What you are asked to do
Scan the material for the word "image", then return every line where it appears.

Information shown

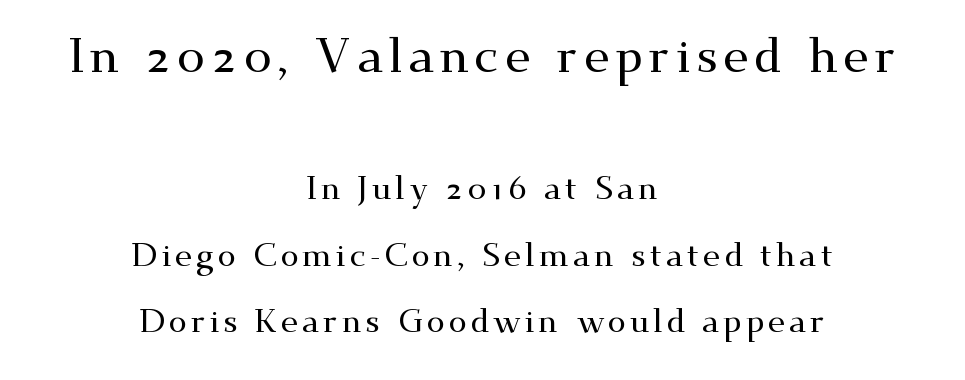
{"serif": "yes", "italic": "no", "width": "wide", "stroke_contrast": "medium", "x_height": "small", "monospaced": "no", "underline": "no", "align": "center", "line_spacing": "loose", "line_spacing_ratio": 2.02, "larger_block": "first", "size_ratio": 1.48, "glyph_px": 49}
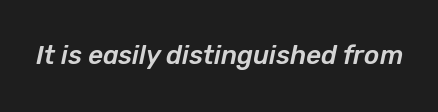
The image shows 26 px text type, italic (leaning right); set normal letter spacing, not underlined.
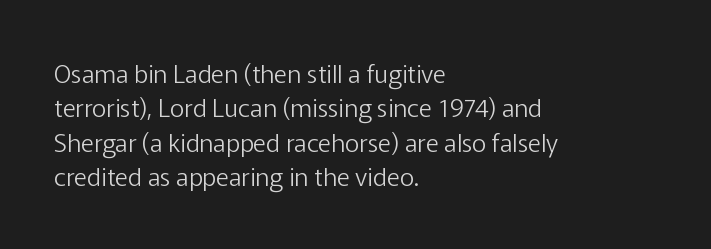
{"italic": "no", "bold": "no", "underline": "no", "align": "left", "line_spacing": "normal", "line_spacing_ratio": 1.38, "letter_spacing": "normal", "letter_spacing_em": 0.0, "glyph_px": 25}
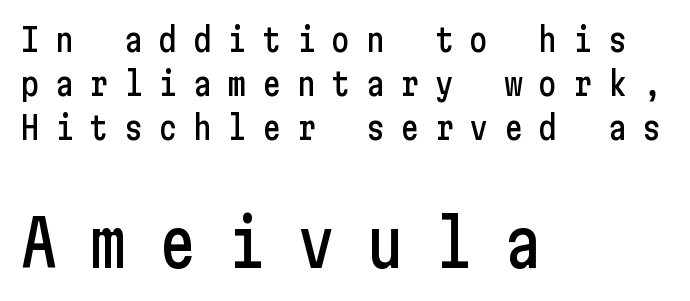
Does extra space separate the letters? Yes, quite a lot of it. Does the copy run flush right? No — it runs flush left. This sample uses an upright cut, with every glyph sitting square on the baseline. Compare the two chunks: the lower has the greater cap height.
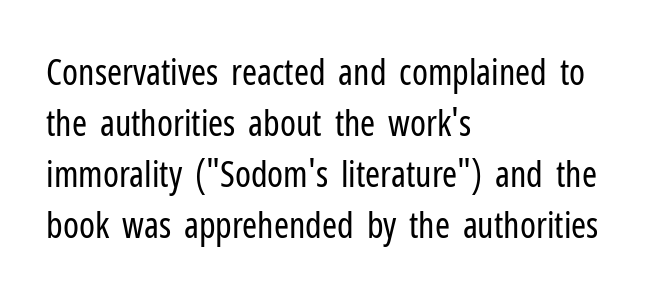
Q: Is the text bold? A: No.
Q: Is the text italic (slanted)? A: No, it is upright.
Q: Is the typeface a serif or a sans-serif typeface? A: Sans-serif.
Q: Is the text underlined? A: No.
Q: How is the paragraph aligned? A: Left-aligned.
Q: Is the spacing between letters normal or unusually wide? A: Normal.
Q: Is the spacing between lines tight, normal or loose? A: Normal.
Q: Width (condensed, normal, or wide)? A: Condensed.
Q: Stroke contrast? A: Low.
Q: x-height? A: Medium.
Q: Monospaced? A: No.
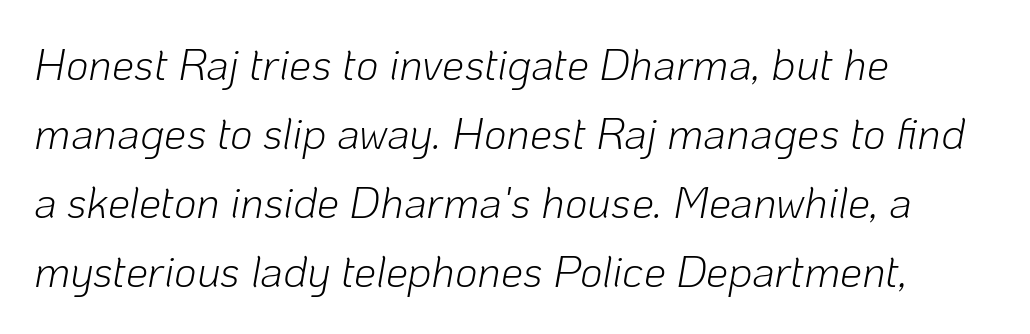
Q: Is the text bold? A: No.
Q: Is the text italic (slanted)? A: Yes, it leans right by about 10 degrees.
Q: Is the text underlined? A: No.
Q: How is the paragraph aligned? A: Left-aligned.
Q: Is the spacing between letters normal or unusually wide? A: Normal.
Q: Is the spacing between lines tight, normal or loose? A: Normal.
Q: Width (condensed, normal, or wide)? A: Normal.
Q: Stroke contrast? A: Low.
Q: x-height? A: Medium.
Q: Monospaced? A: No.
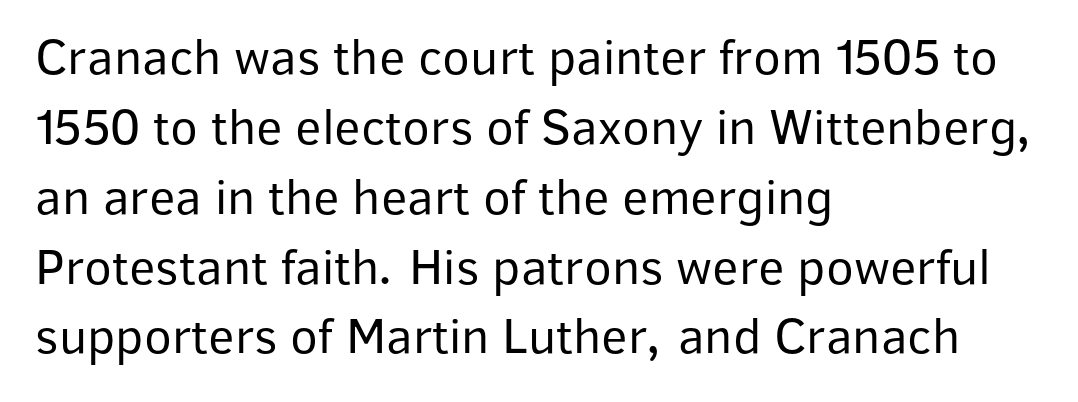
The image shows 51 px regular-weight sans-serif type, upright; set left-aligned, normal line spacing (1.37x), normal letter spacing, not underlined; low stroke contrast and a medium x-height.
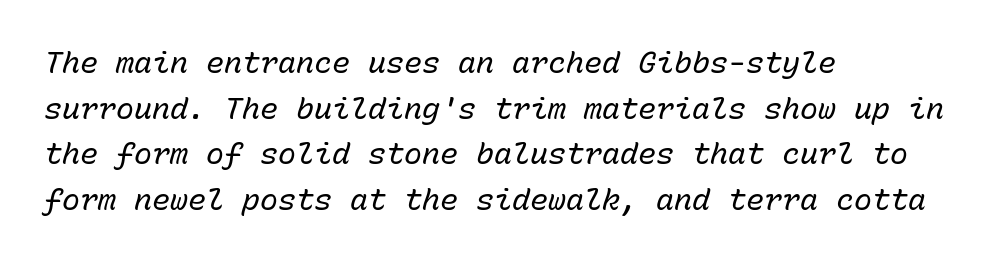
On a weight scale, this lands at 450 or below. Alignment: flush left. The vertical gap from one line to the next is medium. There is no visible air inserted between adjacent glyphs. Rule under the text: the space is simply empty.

---

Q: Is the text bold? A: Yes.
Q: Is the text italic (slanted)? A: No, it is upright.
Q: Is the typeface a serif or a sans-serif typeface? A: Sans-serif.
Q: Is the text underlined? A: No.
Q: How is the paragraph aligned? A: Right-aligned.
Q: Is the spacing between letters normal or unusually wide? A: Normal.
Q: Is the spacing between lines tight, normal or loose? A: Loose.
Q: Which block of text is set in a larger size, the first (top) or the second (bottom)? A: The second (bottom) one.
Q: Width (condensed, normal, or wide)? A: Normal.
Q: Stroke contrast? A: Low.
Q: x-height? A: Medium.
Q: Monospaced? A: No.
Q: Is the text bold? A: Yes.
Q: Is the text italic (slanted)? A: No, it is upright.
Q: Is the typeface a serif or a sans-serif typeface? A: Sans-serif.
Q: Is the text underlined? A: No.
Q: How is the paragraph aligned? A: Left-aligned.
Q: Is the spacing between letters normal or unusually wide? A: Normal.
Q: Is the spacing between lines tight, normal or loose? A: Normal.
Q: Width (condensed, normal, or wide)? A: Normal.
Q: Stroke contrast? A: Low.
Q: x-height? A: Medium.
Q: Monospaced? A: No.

Solution to this task
The image shows 26 px text type, italic (leaning right); set normal letter spacing, not underlined.
The image shows 51 px regular-weight sans-serif type, upright; set left-aligned, normal line spacing (1.37x), normal letter spacing, not underlined; low stroke contrast and a medium x-height.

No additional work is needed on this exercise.